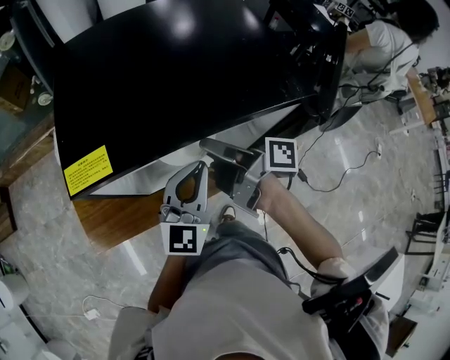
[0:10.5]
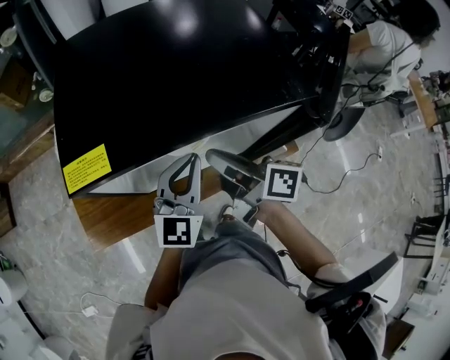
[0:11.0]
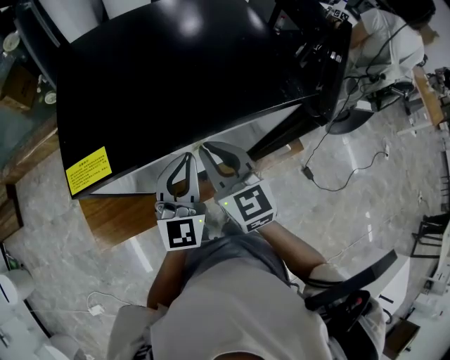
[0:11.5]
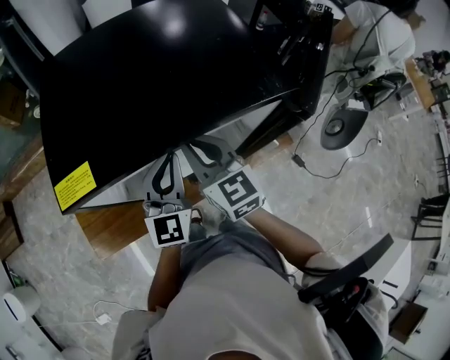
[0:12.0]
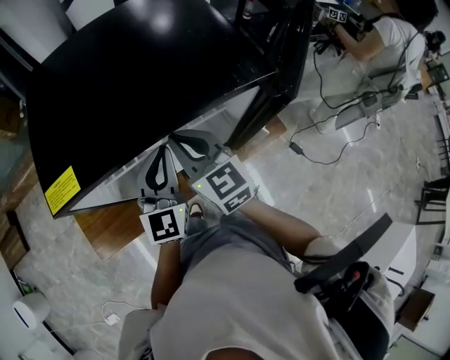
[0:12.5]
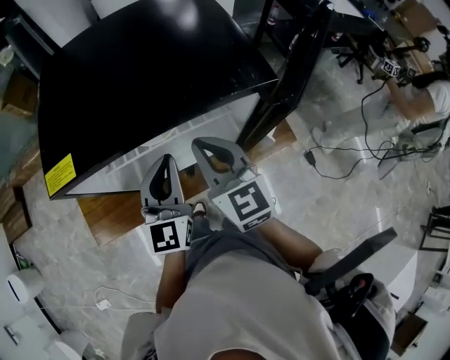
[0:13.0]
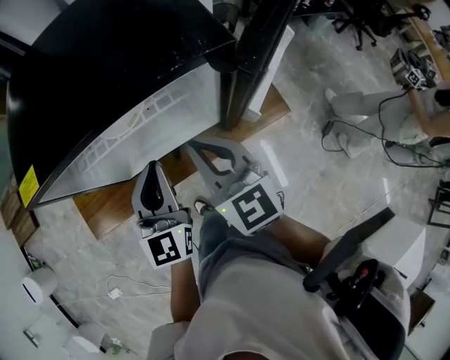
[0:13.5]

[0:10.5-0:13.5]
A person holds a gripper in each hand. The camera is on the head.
--
| Task item |
Give back all of the data exactly, but not the pictures.

| Answer to this problem |
[0:10.5]
[0:11.0]
[0:11.5]
[0:12.0]
[0:12.5]
[0:13.0]
[0:13.5]

[0:10.5-0:13.5]
A person holds a gripper in each hand. The camera is on the head.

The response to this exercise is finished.